"Capitalisme et pulsion de mort" de Gilles DOSTALER et Bernard MARIS (IV)

Publié le par Alexandre Anizy

Lire auparavant les notes I à III portant le même titre.

Gilles DOSTALER et Bernard MARIS rappellent ensuite que « l’individu de FREUD comme celui de KEYNES est un être d’emblée collectif, qui naît et grandit par le langage ». (p.43)

Un groupe, une société, c’est autre chose que la somme des individus composant l’ensemble : individuel et collectif sont antinomiques.

« Les termes antinomiques ne se résolvent pas plus que les pôles opposés d’une pile électrique ne se détruisent. Le problème consiste à trouver non leur fusion qui serait leur mort, mais leur équilibre sans cesse instable, variable selon le développement même de la société. » (PROUDHON, « Théorie de la propriété »)

« Le moi est angoissé, agressif, autodestructeur.
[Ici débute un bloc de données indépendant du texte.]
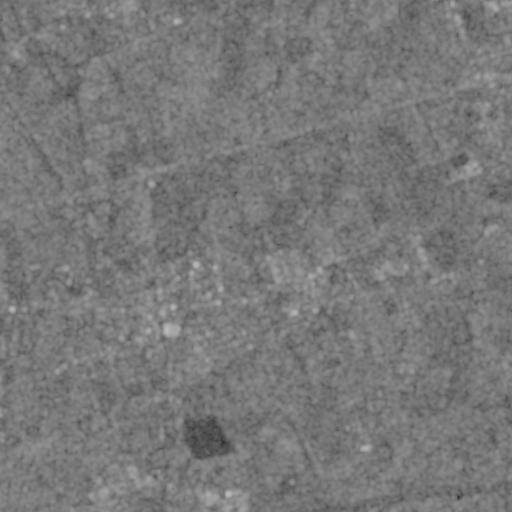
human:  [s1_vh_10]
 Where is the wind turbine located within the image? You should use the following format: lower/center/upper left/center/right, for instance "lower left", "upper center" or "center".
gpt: The wind turbine is located in the lower right of the image.
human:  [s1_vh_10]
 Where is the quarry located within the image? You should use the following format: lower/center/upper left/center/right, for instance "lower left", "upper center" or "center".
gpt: There is no quarry in the image.

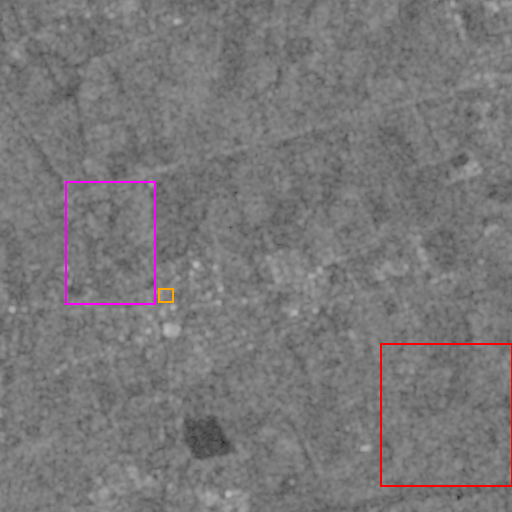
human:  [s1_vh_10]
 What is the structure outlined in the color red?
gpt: The structure outlined in red is a crop field.
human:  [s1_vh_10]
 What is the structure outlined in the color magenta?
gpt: The structure outlined in magenta is a park.
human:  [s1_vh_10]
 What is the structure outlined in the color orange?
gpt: The structure outlined in orange is a parking lot.
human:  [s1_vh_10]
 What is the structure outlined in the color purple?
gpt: There is no purple outline.

Il se heurte au collectif qui le protège au nom de l’autorité. » (p.43), ce qui accentue le phénomène « boule de neige » : l’argent engendre plus d’argent, les structures élémentaires s’assemblent de plus en plus du fait de la dynamique de la circulation du capital – un processus complexe que le terme mondialisation cristallise bien. « L’une des tendances principales de la culture est d’agglomérer les hommes en de grandes unités » (Freud, cité p.44), parce que la technique (on a vu précédemment qu’elle est une partie de la culture) homogénéise le monde (MARX et WEBER parlaient déjà de « planète uniforme », comme plus tard KEYNES ou Karl POLANYI). Mais la formation de groupes incorpore des tendances morbides (Freud, « totem et tabous ») et « le remplacement de la puissance de l’individu par celle de la communauté est le pas culturel décisif. Son essence consiste en ce que les membres de la communautés se limitent dans leurs possibilités de satisfaction (…) ». (Freud, cité p.45)

La foule subit donc une pression culturelle, mouvement illimité d’accumulation se faisant au détriment des pulsions : par nécessité économique, la culture retire à la sexualité une grande énergie. Refoulement sexuel et pulsion de mort sont liés.  

 

« L’incapacité de concevoir une limite, propre à l’infantilisme, est au cœur du capitalisme. » (p.46) En effet, « le moi lui-même est investi de libido (…) qui se tourne vers les objets, devenant ainsi libido d’objet, et peut se retransformer en libido narcissique. » (Freud, cité p.46) Or, que fait le capitalisme, sinon ajouter des objets aux objets ?

Le capitalisme a surdéveloppé la culture pour d’abord répondre aux besoins des hommes, puis pour les stimuler (publicité et média entretenant l’insatiabilité), entraînant la société des hommes dans une frénésie accumulatrice où personne n’est satisfait : au bout du compte, il reste la frustration et le désarroi.